What you are asked to do: Once you find the line with "#337=CARTESIAN_POINT('',(0.03175,0.022225,0.008));" in the data below, transcribe exactly each line from there to the line with "STEP (ISO 10303-21)", inclusive, and nothing else. Drop the pictures.
┄┄┄┄┄┄
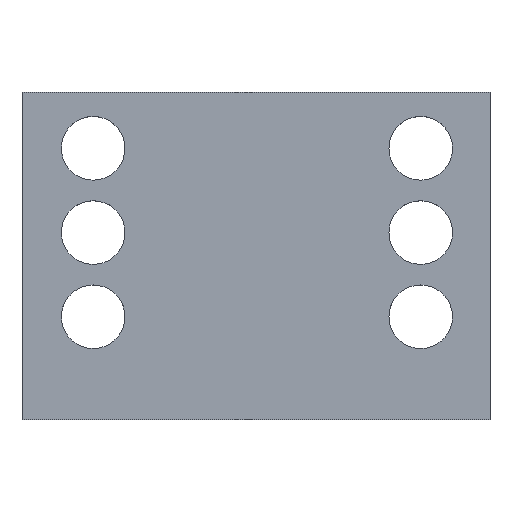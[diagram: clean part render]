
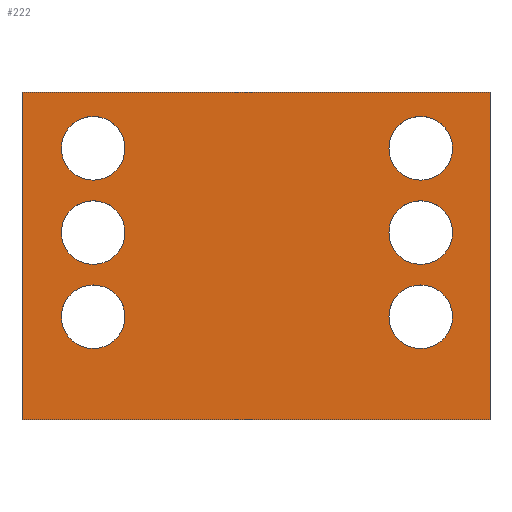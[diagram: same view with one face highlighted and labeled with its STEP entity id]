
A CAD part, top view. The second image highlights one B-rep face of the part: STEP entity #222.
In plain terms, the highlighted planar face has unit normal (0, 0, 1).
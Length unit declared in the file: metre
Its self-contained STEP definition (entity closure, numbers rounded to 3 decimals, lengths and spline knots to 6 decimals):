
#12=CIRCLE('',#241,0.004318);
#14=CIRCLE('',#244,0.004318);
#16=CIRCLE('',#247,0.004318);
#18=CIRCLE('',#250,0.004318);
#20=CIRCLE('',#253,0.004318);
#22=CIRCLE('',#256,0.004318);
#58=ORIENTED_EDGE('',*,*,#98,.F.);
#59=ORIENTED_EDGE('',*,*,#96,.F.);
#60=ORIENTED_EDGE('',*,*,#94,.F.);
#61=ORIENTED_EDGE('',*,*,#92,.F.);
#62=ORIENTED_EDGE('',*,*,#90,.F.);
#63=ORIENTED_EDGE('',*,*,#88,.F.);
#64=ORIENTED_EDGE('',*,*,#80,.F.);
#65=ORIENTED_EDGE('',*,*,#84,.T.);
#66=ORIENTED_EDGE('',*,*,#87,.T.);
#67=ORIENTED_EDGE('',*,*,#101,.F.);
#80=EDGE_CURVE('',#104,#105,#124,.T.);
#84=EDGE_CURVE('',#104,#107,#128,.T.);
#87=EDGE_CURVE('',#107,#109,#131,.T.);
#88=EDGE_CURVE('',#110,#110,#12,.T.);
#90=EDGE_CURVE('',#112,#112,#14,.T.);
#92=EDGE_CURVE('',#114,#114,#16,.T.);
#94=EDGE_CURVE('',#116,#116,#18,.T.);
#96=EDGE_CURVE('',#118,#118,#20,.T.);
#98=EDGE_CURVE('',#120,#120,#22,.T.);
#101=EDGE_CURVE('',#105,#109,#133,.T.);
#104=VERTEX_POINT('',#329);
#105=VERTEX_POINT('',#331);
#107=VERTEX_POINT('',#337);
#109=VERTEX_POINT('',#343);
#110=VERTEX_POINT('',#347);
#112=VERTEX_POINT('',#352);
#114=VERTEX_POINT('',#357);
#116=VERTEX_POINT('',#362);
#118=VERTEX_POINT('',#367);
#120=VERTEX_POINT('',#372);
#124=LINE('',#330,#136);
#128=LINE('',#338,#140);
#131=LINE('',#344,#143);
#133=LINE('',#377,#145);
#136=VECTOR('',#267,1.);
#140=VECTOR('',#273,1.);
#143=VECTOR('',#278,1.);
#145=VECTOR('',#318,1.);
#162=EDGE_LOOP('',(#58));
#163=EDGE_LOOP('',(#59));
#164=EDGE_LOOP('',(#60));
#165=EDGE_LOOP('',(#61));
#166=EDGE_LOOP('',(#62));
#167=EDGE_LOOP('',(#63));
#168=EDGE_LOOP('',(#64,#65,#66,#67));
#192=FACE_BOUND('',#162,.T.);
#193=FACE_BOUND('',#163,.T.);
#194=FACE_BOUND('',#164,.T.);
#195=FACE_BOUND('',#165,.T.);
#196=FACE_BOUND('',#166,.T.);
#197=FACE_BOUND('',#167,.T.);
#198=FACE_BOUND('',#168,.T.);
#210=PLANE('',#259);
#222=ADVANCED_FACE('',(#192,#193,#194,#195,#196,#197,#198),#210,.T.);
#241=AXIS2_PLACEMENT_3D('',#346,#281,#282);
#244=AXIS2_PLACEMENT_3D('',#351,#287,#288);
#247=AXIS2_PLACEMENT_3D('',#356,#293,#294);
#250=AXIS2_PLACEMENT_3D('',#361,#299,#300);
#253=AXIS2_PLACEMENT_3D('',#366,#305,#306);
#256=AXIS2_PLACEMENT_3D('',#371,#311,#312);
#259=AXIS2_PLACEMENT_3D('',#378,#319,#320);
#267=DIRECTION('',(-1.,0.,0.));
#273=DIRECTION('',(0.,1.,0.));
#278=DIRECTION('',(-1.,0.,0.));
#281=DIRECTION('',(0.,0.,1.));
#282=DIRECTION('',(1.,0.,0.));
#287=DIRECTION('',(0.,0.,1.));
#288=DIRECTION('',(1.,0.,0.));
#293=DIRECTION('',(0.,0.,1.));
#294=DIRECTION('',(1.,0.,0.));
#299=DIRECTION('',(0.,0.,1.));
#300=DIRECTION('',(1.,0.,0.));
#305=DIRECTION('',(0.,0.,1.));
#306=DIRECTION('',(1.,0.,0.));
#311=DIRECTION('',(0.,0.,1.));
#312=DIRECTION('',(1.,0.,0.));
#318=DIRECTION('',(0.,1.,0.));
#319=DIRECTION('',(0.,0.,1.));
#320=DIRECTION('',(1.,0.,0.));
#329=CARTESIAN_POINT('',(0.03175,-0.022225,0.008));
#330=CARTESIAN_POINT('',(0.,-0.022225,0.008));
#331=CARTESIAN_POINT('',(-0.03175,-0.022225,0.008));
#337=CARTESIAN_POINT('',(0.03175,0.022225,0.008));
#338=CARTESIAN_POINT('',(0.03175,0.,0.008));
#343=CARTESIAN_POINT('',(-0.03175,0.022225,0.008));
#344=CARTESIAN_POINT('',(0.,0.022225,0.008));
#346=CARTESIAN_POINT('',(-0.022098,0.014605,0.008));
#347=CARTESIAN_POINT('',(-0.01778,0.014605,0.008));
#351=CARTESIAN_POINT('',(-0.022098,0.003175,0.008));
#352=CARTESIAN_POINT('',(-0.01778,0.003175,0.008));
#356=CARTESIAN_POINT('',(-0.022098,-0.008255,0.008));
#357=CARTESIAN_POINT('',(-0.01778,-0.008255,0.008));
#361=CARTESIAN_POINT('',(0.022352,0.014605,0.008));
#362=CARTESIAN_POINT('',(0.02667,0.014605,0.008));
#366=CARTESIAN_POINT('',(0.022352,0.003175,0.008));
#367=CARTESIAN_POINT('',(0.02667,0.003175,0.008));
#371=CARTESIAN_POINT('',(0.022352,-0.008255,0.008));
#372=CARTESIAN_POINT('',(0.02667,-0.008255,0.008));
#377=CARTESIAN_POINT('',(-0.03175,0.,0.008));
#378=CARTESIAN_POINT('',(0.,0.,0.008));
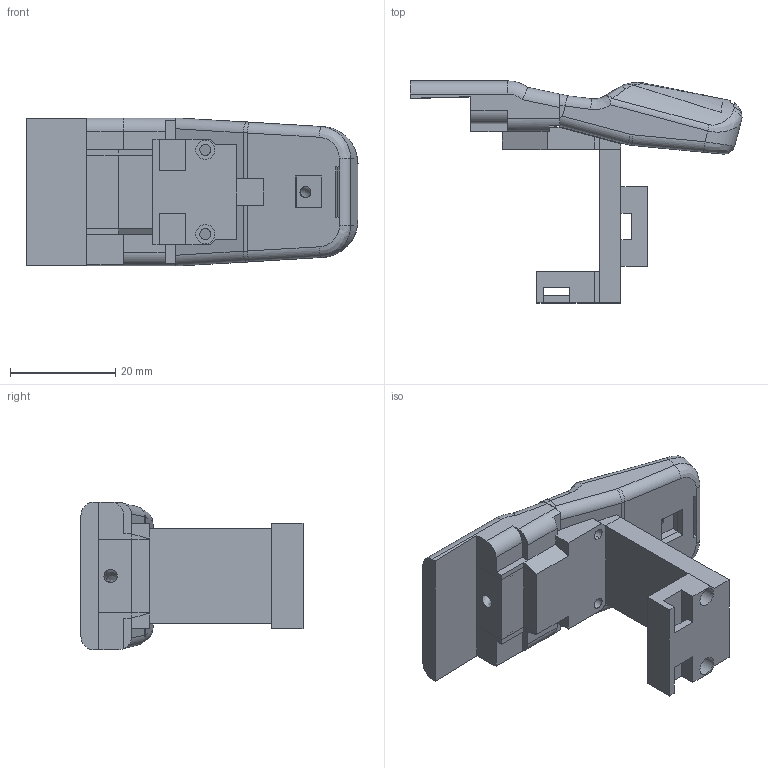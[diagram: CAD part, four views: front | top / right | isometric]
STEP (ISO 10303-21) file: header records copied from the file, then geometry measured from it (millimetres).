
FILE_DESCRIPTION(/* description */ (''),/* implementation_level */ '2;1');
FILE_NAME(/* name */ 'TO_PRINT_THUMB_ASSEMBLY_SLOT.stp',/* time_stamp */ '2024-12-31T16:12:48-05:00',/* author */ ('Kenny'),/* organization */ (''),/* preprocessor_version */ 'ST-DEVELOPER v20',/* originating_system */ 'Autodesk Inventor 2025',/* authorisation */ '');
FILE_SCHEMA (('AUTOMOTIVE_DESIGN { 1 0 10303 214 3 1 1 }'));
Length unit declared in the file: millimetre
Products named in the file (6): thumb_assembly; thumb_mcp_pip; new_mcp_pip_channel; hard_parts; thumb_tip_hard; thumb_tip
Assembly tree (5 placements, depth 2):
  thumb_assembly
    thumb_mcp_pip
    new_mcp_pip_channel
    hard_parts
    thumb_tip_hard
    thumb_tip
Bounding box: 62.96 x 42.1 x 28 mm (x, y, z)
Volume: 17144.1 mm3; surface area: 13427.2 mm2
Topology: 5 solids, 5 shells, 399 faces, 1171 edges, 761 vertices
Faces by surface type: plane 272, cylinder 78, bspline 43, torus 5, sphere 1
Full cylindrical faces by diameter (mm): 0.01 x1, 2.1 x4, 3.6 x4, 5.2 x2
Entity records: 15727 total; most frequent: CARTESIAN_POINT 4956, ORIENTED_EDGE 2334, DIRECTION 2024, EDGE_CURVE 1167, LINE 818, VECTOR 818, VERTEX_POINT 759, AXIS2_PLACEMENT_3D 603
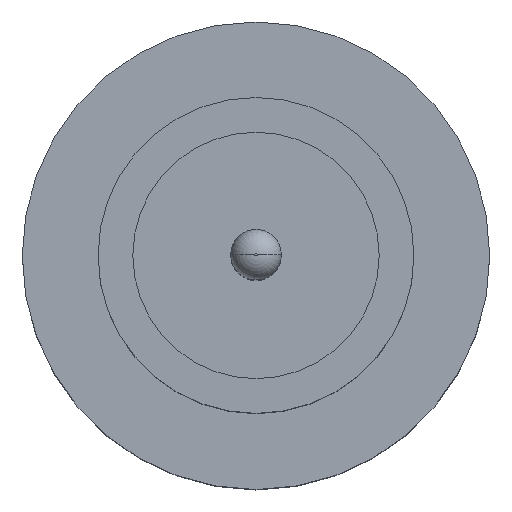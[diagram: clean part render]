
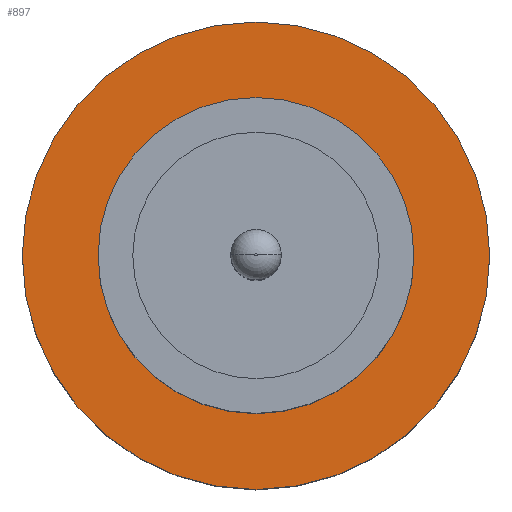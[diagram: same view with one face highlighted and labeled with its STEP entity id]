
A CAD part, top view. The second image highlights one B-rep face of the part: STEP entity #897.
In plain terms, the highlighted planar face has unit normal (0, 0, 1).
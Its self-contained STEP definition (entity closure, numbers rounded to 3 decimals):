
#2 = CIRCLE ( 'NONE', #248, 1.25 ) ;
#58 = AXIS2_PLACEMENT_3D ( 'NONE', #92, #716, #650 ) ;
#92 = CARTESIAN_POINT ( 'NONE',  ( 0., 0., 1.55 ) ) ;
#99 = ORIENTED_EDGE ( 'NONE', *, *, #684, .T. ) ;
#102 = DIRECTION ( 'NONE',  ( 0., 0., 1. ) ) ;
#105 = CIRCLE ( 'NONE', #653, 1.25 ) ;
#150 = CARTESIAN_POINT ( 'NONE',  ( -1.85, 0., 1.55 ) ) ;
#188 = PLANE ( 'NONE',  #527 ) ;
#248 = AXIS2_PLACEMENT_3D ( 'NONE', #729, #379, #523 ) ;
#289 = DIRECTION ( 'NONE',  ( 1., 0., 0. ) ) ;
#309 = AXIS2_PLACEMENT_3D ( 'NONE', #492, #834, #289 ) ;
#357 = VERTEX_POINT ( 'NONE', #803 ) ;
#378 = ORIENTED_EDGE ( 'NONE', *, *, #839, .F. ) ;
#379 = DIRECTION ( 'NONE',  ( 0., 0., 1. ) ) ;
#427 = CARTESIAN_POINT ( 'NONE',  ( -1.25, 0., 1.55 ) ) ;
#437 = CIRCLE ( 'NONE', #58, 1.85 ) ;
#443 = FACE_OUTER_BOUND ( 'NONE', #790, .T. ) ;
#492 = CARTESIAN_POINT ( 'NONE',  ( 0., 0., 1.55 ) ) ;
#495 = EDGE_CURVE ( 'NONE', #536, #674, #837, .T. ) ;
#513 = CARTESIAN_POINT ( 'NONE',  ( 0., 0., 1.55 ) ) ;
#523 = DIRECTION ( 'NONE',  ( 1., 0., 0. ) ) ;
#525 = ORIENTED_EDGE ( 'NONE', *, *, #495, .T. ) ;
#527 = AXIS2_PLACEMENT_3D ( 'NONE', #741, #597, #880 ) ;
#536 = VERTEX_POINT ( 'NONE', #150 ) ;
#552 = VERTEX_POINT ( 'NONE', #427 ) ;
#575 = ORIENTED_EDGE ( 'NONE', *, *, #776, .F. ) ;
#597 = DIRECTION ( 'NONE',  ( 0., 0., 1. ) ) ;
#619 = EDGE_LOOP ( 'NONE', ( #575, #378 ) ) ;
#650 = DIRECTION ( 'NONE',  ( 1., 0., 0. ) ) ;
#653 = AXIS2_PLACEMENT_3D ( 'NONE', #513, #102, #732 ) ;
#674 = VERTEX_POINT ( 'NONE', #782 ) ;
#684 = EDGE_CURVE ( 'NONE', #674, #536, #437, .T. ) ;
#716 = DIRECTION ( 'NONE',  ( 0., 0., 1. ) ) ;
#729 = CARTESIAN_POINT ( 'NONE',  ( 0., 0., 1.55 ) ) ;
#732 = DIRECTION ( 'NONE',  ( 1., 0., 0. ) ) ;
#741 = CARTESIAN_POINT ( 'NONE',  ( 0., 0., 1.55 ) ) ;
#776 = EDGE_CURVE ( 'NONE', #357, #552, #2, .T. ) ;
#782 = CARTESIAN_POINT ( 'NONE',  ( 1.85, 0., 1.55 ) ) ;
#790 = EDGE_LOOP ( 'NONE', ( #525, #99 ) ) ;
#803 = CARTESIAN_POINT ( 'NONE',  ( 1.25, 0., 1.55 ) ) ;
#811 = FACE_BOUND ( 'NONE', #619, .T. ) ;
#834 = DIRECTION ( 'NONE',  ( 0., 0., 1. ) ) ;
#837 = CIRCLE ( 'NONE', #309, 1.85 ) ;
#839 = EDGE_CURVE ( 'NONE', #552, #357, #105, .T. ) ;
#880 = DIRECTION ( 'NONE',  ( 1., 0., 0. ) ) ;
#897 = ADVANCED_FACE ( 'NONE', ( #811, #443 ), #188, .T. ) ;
┄┄┄┄┄┄
Result of this task:
#337=CARTESIAN_POINT('',(0.03175,0.022225,0.008));
#338=CARTESIAN_POINT('',(0.03175,0.,0.008));
#343=CARTESIAN_POINT('',(-0.03175,0.022225,0.008));
#344=CARTESIAN_POINT('',(0.,0.022225,0.008));
#346=CARTESIAN_POINT('',(-0.022098,0.014605,0.008));
#347=CARTESIAN_POINT('',(-0.01778,0.014605,0.008));
#351=CARTESIAN_POINT('',(-0.022098,0.003175,0.008));
#352=CARTESIAN_POINT('',(-0.01778,0.003175,0.008));
#356=CARTESIAN_POINT('',(-0.022098,-0.008255,0.008));
#357=CARTESIAN_POINT('',(-0.01778,-0.008255,0.008));
#361=CARTESIAN_POINT('',(0.022352,0.014605,0.008));
#362=CARTESIAN_POINT('',(0.02667,0.014605,0.008));
#366=CARTESIAN_POINT('',(0.022352,0.003175,0.008));
#367=CARTESIAN_POINT('',(0.02667,0.003175,0.008));
#371=CARTESIAN_POINT('',(0.022352,-0.008255,0.008));
#372=CARTESIAN_POINT('',(0.02667,-0.008255,0.008));
#377=CARTESIAN_POINT('',(-0.03175,0.,0.008));
#378=CARTESIAN_POINT('',(0.,0.,0.008));
[diagram: CAD part, four views: front | top / right | isometric]
STEP (ISO 10303-21) file: header records copied from the file, then geometry measured from it (millimetres).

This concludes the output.